In 1988, at the age of 58, Fenn was given a diagnosis of kidney cancer. Two years earlier, his 81-year-old father, William, was told he had pancreatic cancer, Fenn says. After 18 months, William killed himself by taking 50 sleeping pills, according to his son. “I respected him for having the courage to go out on his own terms,” Fenn recalls. After being racked by chemotherapy and an unsuccessful surgery to remove the cancer, he says, he was given a 20 percent chance of surviving three years. As Fenn tells the tale, he decided to follow in his father’s footsteps—but with his own swashbuckling twist. He would fill a treasure chest with gold and jewels, he thought, and carry it to a special place in the Rockies. Then he would swallow a bottle of sleeping pills and die beside his riches. But first, he would write a poem containing clues to the treasure’s location. “Take the chest,” read an early draft of his poem, “but leave my bones.”

The “problem” with the plan, Fenn says, is that he recovered. Over the next several months, then years, he slowly grew stronger, and in 1993 he was declared cancer-free. After being homebound by his disease for years, Fenn was overcome with a renewed appreciation for nature and an urgent sense of purpose. “We need to get off the couch, out of the game room, and away from our electronic gadgets,” he says. He now saw his hunt as a way to entice people into the wild.

Late at night, alone in his artifact-­laden study, he tweaked and revised his poem. Finally, in 2010, long after he first hatched the idea, he was satisfied. He acquired a 10- by 10-inch bronze treasure chest and filled it with emeralds, rubies, diamonds, and gold coins he’d collected over the years at gun shows and auctions. He added two gold nuggets from Alaska, “as large as chicken eggs,” he says, as well as an old Navajo bracelet with 22 prehistoric turquoise disc beads inlaid in silver.

One summer afternoon that year, Fenn drove into the Rockies—for how far and how long, he won’t say—with the chest and the treasure in the trunk of his sedan. He made two trips to his destination. First, he loaded the empty, approximately 20-pound bronze box into a backpack and lugged it into the mountains, breathing heavily. He stashed it in a spot dear to his heart. Then he returned with the gold and jewels and filled the chest. “I was entering into strange territory in my mind,” he recalls. He walked back to his car feeling giddy about what he’d done. “I said in a loud voice, ‘Forrest Fenn, did you really do that?’ ” he says. “No one was around, and I started laughing.”

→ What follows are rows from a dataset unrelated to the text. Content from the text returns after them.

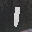
Label: 1
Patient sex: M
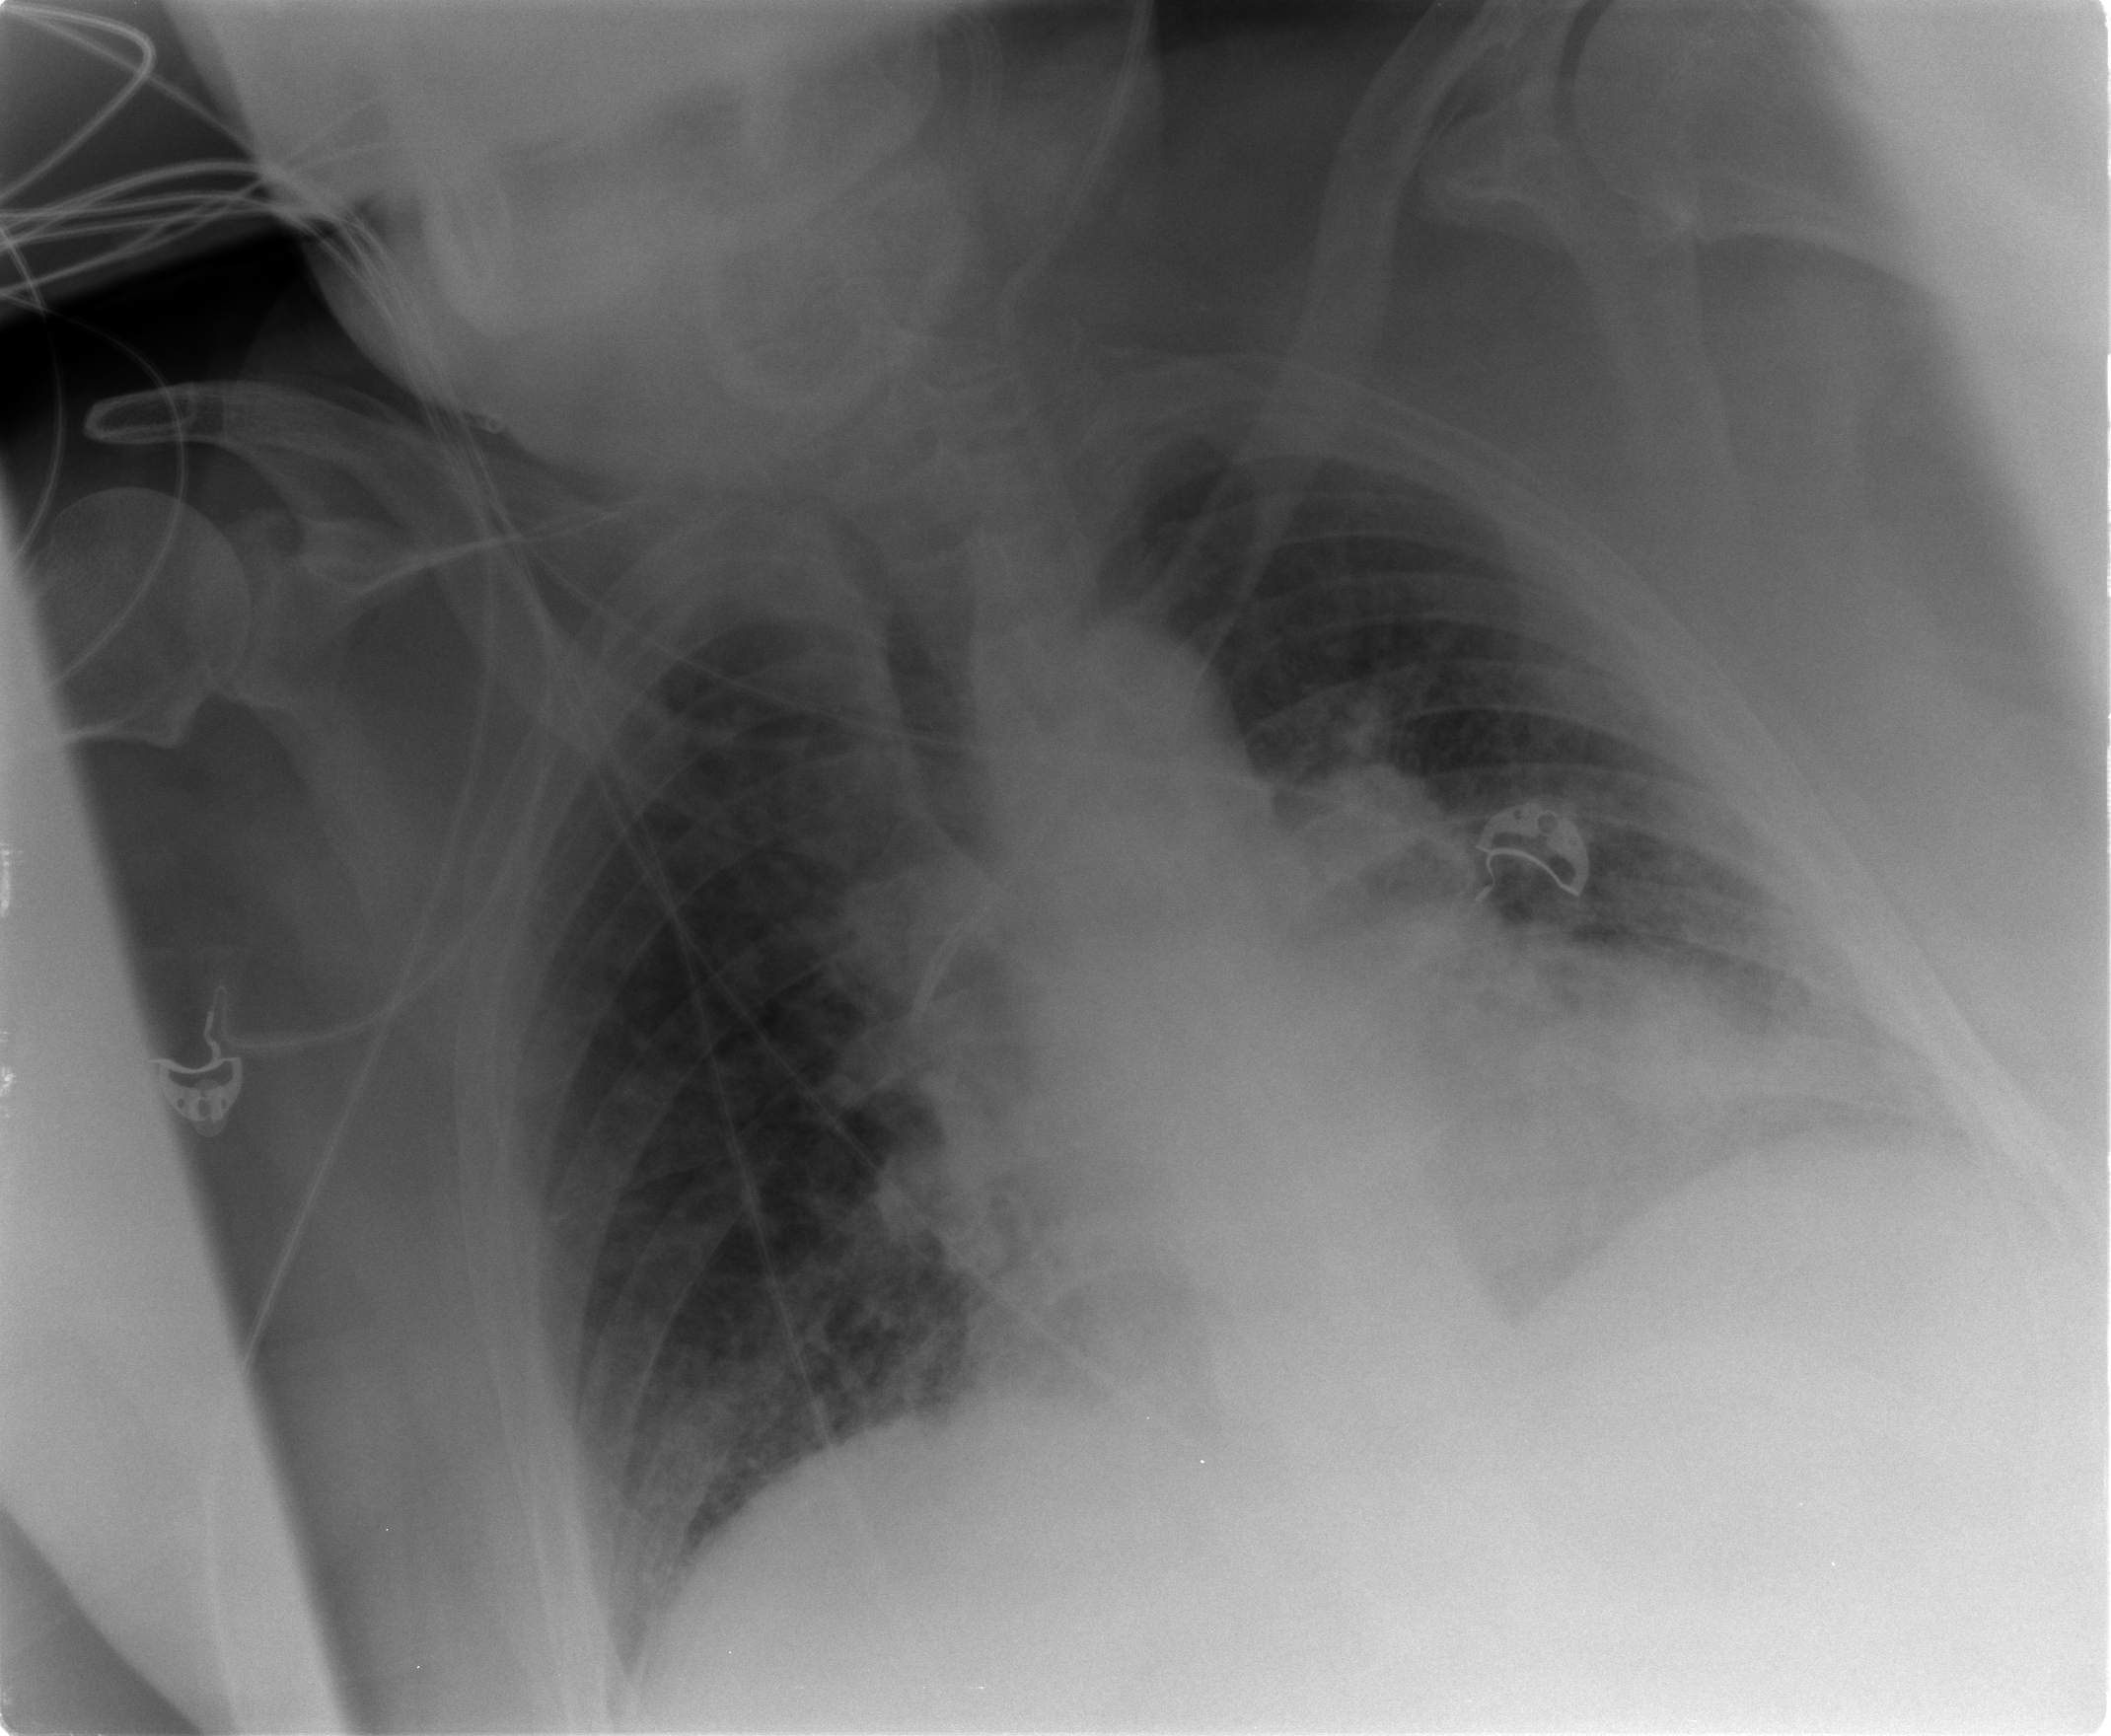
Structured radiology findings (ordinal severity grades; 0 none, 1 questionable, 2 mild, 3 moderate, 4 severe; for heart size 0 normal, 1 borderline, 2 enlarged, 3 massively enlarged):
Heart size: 2
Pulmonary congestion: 2
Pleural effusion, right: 0
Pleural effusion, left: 0
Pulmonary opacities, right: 2
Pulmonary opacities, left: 2
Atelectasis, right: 0
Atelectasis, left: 0

In the fall of 2010, Fenn commenced the treasure hunt with the publication of The Thrill of the Chase, which includes his completed poem. The 24 lines contain nine clues to the chest’s location, “in the mountains somewhere north of Santa Fe,” he says.

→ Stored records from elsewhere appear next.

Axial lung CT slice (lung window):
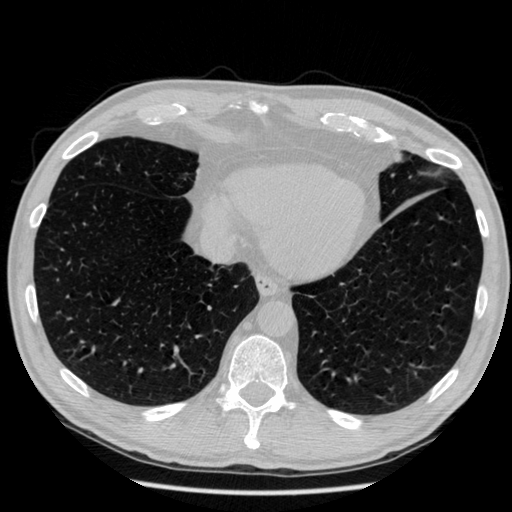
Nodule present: no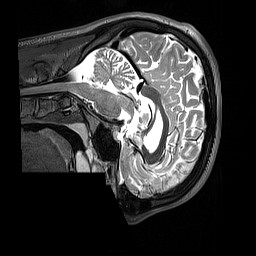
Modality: T2w
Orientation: sagittal
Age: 21
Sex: male
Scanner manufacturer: siemens
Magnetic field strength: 3 T
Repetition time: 3.2 s
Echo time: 0.564 s
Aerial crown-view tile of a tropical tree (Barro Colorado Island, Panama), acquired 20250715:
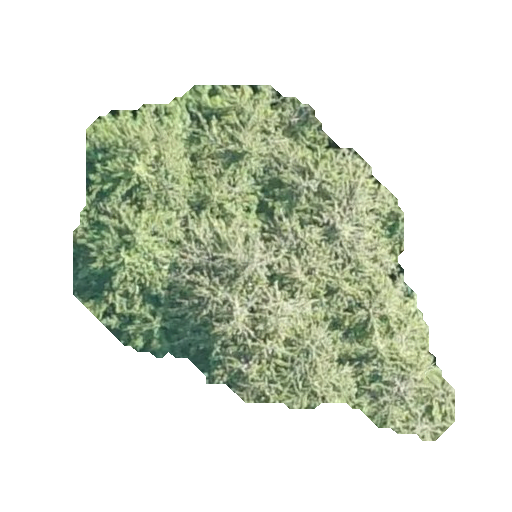
Species: Quararibea stenophylla
GBIF accepted scientific name: Quararibea stenophylla
Crown area: 133.159 m²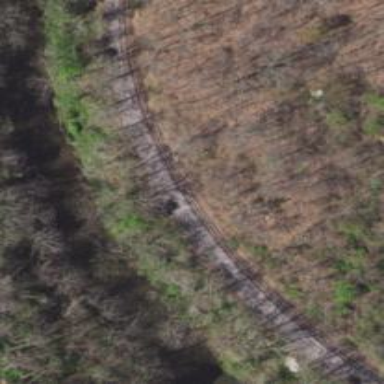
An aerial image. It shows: Disused railway.
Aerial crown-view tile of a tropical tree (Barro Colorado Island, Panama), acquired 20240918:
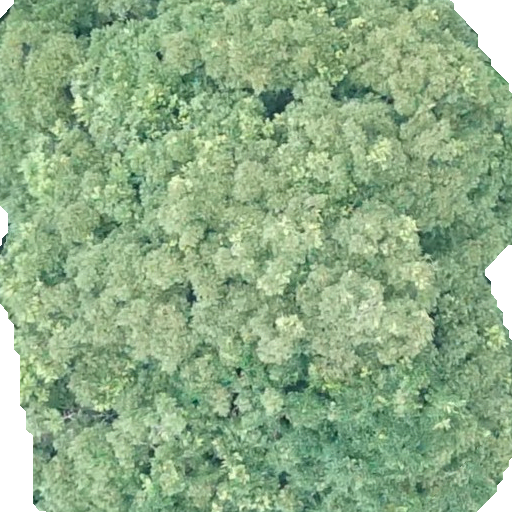
Species: Dipteryx oleifera
GBIF accepted scientific name: Dipteryx oleifera
Crown area: 454.251 m²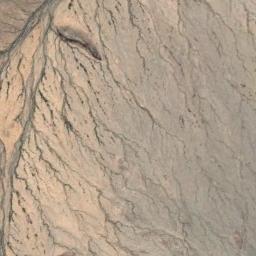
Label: desert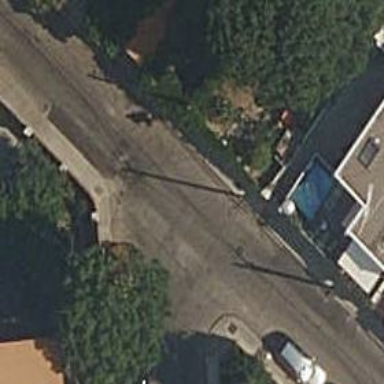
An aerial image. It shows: Residential road with asphalt surface.

Fenn originally printed just 1,000 copies of his memoir and stocked them at Collected Works, an indie bookstore in Santa Fe. In 2013, Hemispheres magazine ran a story on his treasure hunt. Soon after, the Today show aired a series on Fenn, and his slim, 150-page book became an overnight sensation. Thousands of buyers from as far as Italy and Ecuador flooded Collected Works’ website. (First prints of The Thrill of the Chase can now fetch more than $750 on Amazon.) Despite Fenn’s intent to lure people away from their devices, his hunt had all the ingredients—a cryptic puzzle, a tantalizing fortune, an intriguing mastermind—to go viral. News coverage followed, from national TV broadcasts and local newspapers throughout the Southwest. What started as one man’s quirky swan song became a real-life Ready Player One.

Fenn achieved Wonka-like status among the self-described Searchers, the online community that cropped up around his legend. Lovers of riddles and outdoor exploration converged to form a dedicated network of blogs, message boards, websites, and Facebook pages devoted to the hunt. Toby Younis, a retired digital media executive who cohosts a Fenn fanatic YouTube show, A Gypsy’s Kiss, says the internet helps them “crowdsolve” the puzzle. Searchers espouse theories in Fenn forums and detail their quests in YouTube testimonials. Dozens of Searchers meet in Santa Fe each June for Fennboree, an annual fanfest.

But despite the hive mind enthusiasm of the Searchers, others grapple with doubts about the truth of Fenn’s tale. They imagine an 80-year-old man—or even a young, healthy person—carrying a bronze chest across his back. What kind of terrain—steep, wooded, rocky—could he traverse without tripping over tree roots and stones? Though a handful of Fenn’s family and friends claim they saw him filling the chest, there’s no way to prove what was inside, let alone what it could be worth. And, barring its discovery, there is no way to prove that he actually hid it. Given the more than 100,000 square miles of mountains where the box could be located, it seems unlikely that even the most intrepid Searchers will find it anytime soon, if ever. Still, over the past eight years, the possibility that the bounty does exist has been enough to spur treasure hunters into the red canyons of the high desert and wild rivers of the Rockies.

Fenn claims he receives more than 100 “treasure emails” from eager seekers every day. He told me that 350,000 people have looked for the treasure, an estimate he bases on his always-full inbox. For devout Fennheads, the appeal isn’t just the money, it’s “matching wits with Forrest,” says 64-year-old Cynthia Meachum, who lives in Albuquerque, New Mexico. Since retiring from her job as a semiconductor engineer in 2015, she’s devoted her life to looking for Fenn’s treasure, first in a remote valley near Taos, New Mexico, and now near Yellowstone National Park. The hunt tends to attract people with technical backgrounds, Meachum says. “We’re probably the most egotistical group of treasure hunters, because we all think, ‘I use logic every day in my job. I use flowcharts. I use schematics. How hard can this be?’ ” she muses. “Well, none of us have found it.”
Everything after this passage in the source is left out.